Five years after a tragic event, Jack Jordan is still reeling from its effect on him. Although it takes quite some time in Jeff Bower’s mordant drama, The Impossible Task of Today, to learn what has turned this formerly high-functioning school teacher agoraphobic and deeply depressed, the memory of it remains with him like a black-cowled specter of death.
Bower’s play, his first produced full-length script, was developed by Florida Atlantic University Theatre Lab, where it now has its world premiere after its initial audience encounter in the Boca Raton company’s 2022 New Play Festival. While the 95-minute work is not without some humor, Bower takes us down the rabbit hole of mental illness, gun violence, suicide and social media obsession.
Since he has not left his seventh-floor walk-up apartment for years, Jack Jordan (Iain Batchelor) now ekes out a living teaching English to Chinese students by Zoom. When not teaching, he can usually be found on his dilapidated couch playing outdated video games. And dreading the imminent anniversary of the night a crazed gunman shot and killed Jack’s wife Anna and others in a movie theater, as Jack escaped unharmed, peeing in the bathroom. With the burden of survivor guilt, Jack and a friend Lynne (Vaishnavi Sharma), who also attended the movie, have a painful ritual of reliving that fateful night each June 20, a date fast approaching.

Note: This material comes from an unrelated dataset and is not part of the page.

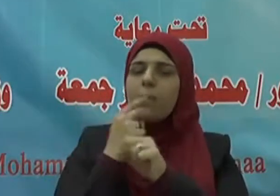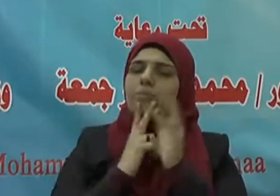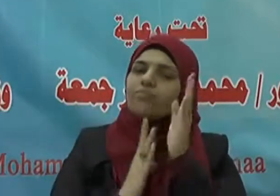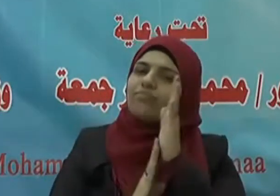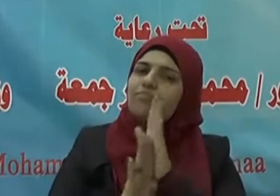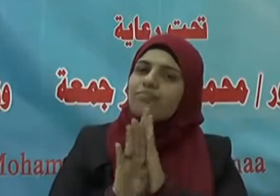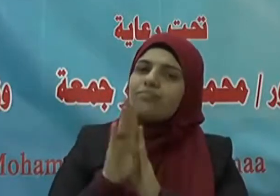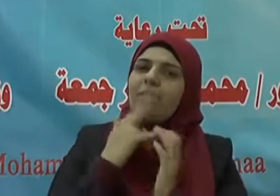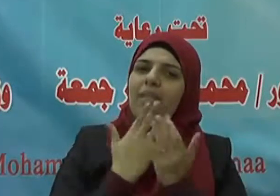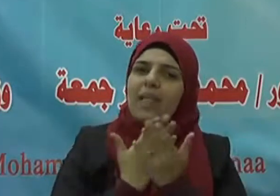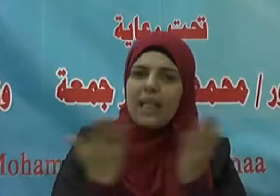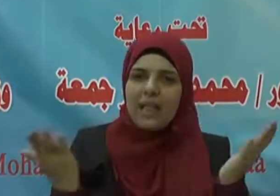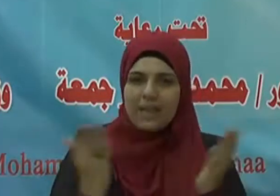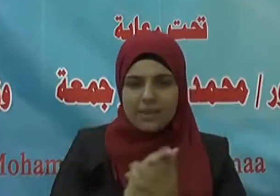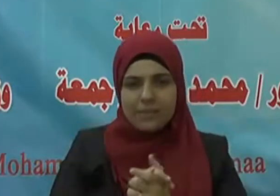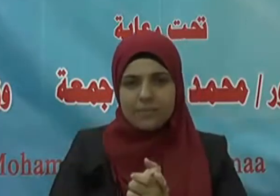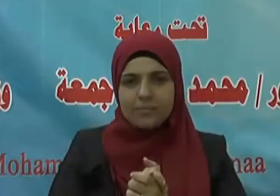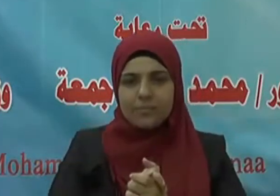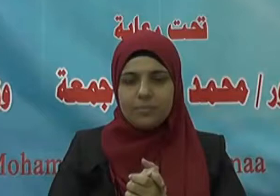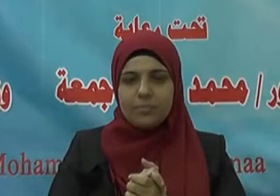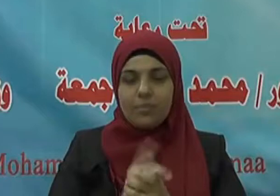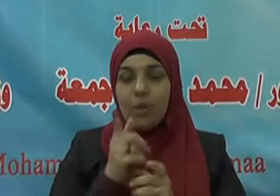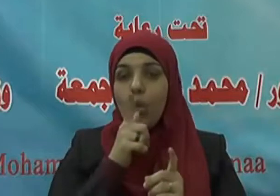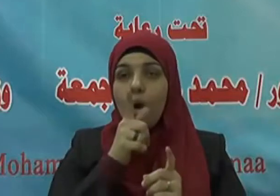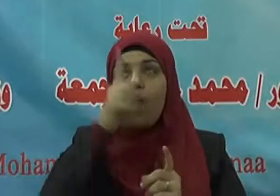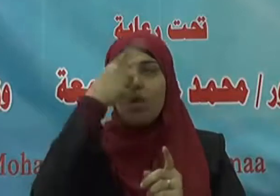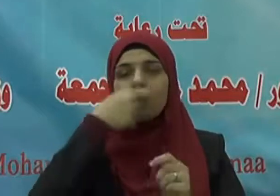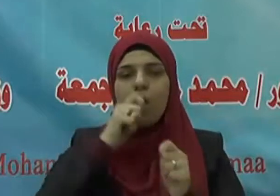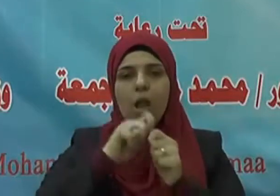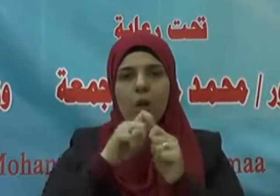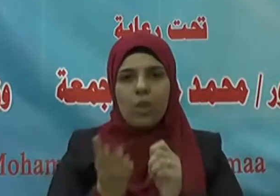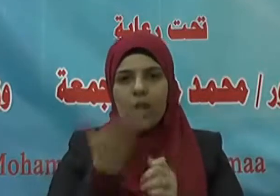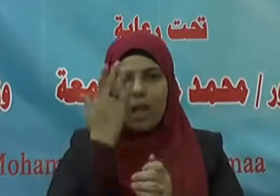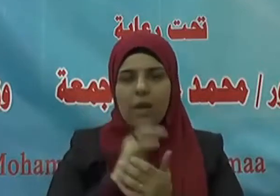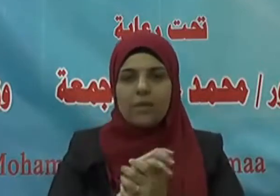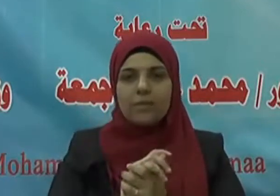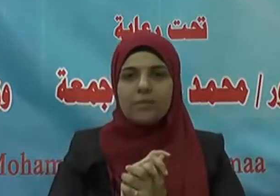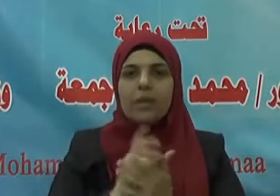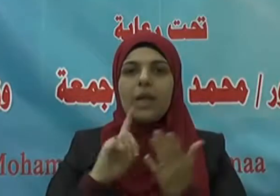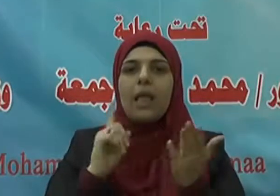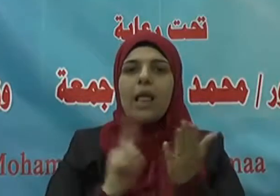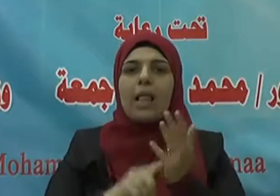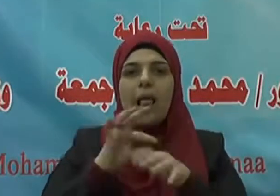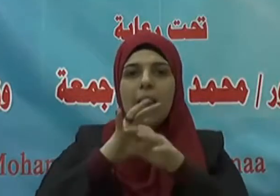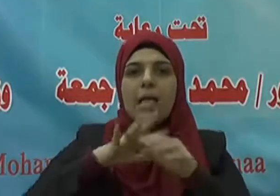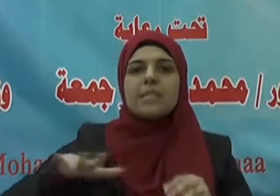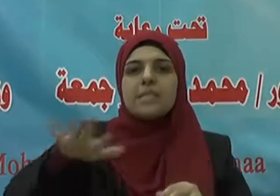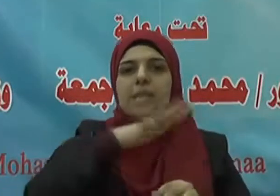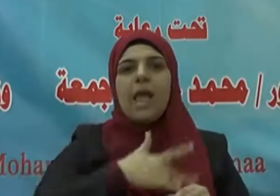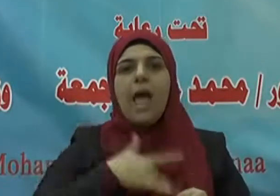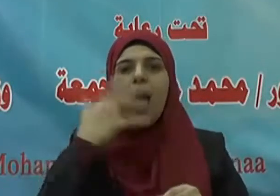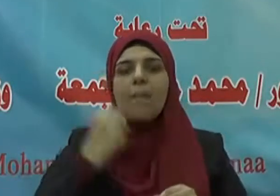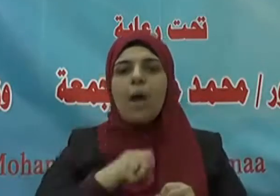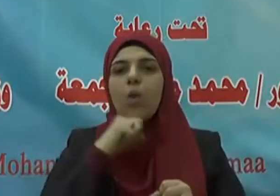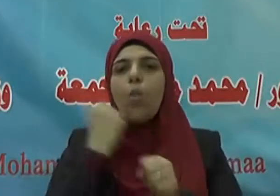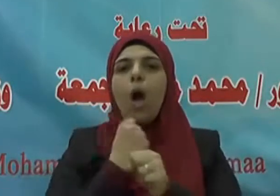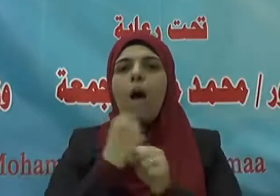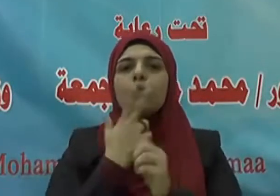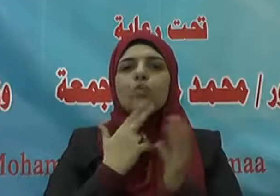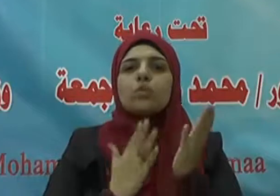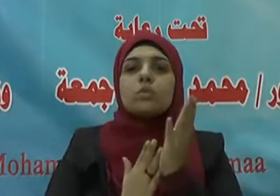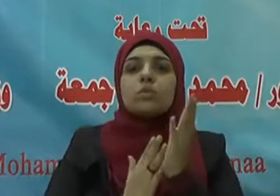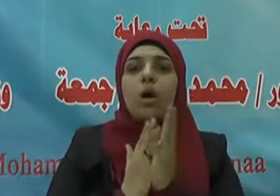بأحسن ما كانوا يعملون وقال تعالى إن الذين آمنوا
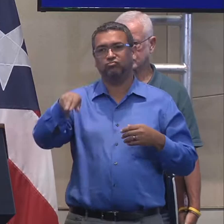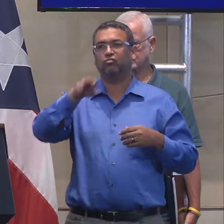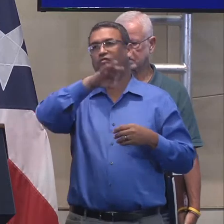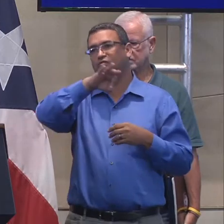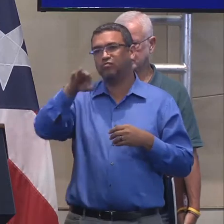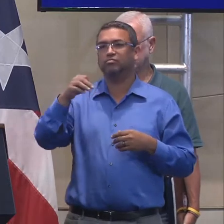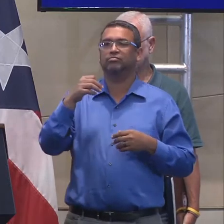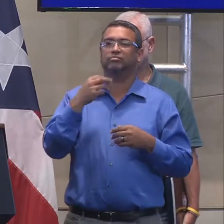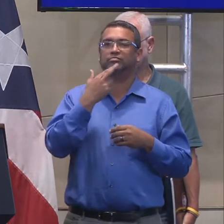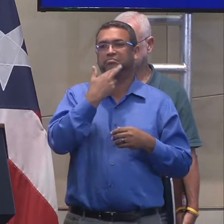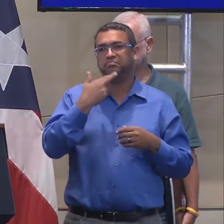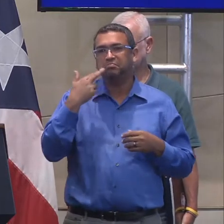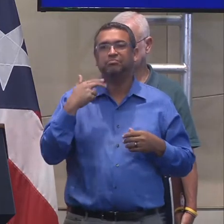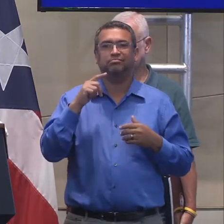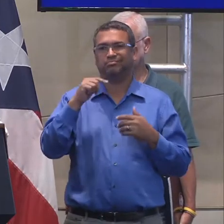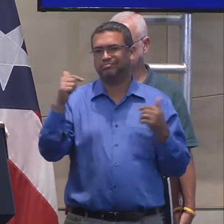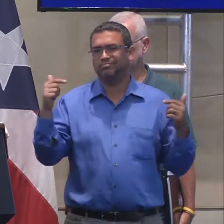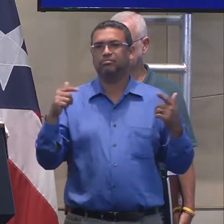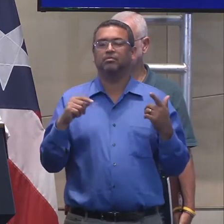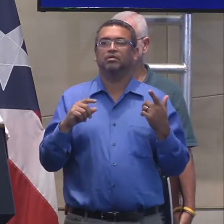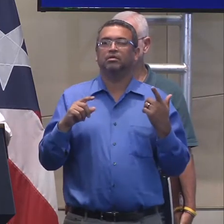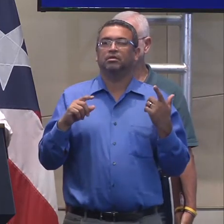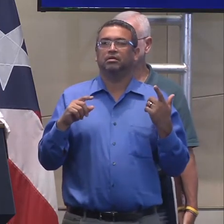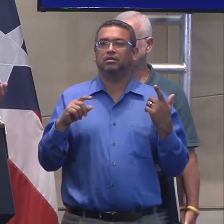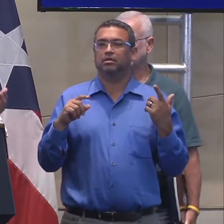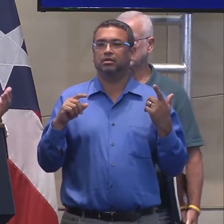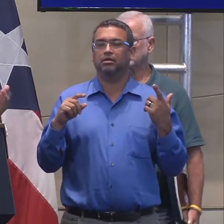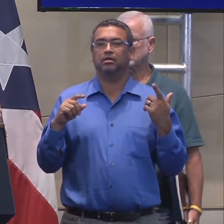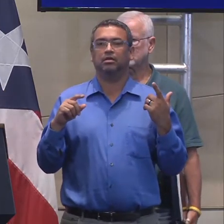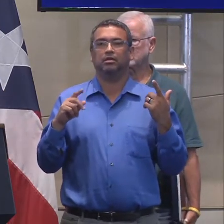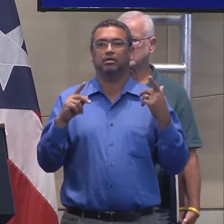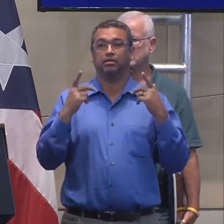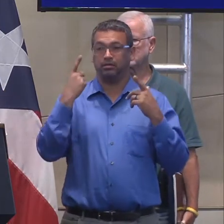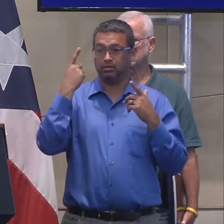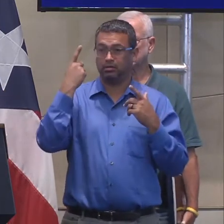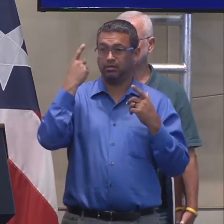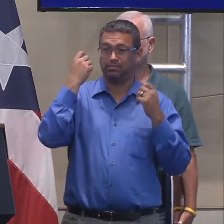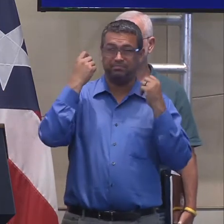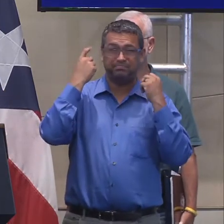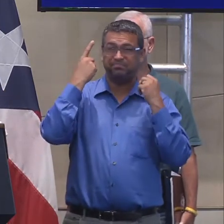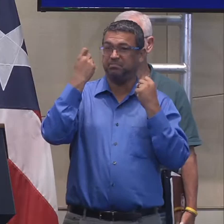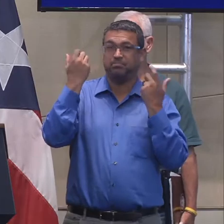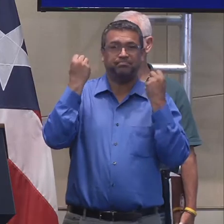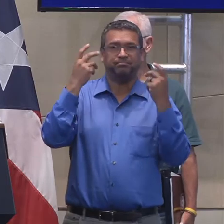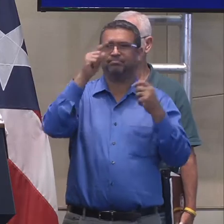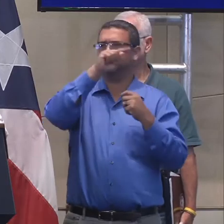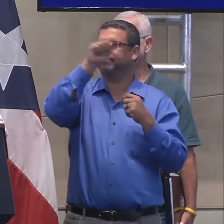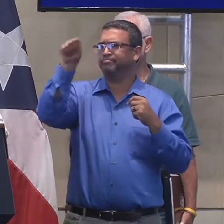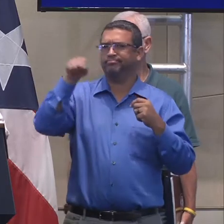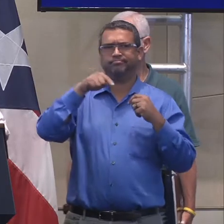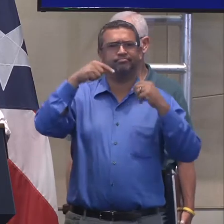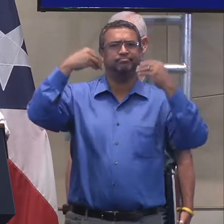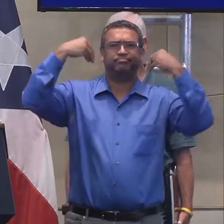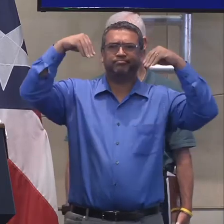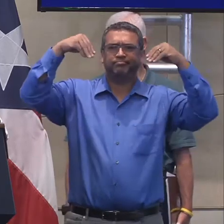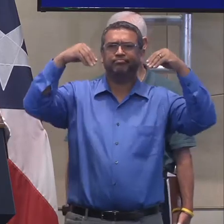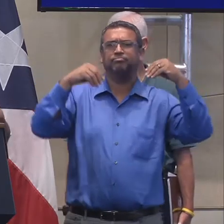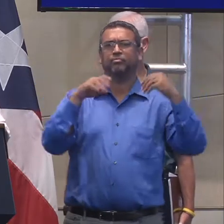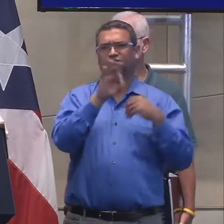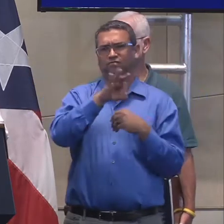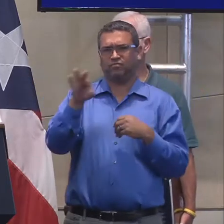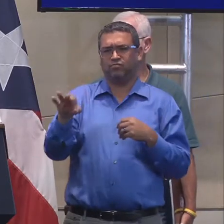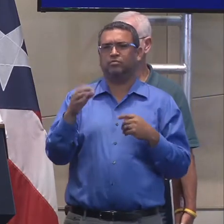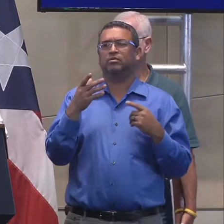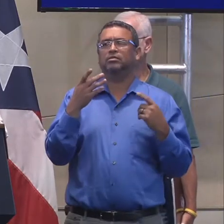que los puertorriqueños se pudieran alimentar, entendiendo que ya hay un gran número de estos establecimientos que están abiertos.

Batchelor gives a towering performance, pulling the audience inside his fogged brain, displaying a range of emotions, edgy, belligerent and volatile, yet earning our empathy. Although he has pushed the world away, Jack keeps getting weekly grocery deliveries from an amiable soul named Frank (Anthony Blatter), who has a grief secret of his own, and occasional arrivals from the building manager, Val (Kaelyn A. Gonzalez), concerned but unable to help. And hovering silently over the action — but seen only by Jack — is that cowled figure known only as The Dark (Nicole Perry), an embodiment of his bleak mental state, moving about in a languorous dance of death.
Producing artistic director Matt Stabile stages the production with a sensitivity to the subject matter, avoiding its potential for mawkishness. He is aided by Michael McClain’s seedy scenic design and the otherworldly lighting by George Horrocks. Stabile and company do not shrink from the dark recesses of The Impossible Task of Today, while Bower eventually arrives at a much-needed glimmer of hope.
THE IMPOSSIBLE TASK OF TODAY, FAU Theatre Lab, Parliament Hall, 777 Glades Road, FAU Campus, Boca Raton. Through Sunday, April 20. $35- 45. 561-297-6124.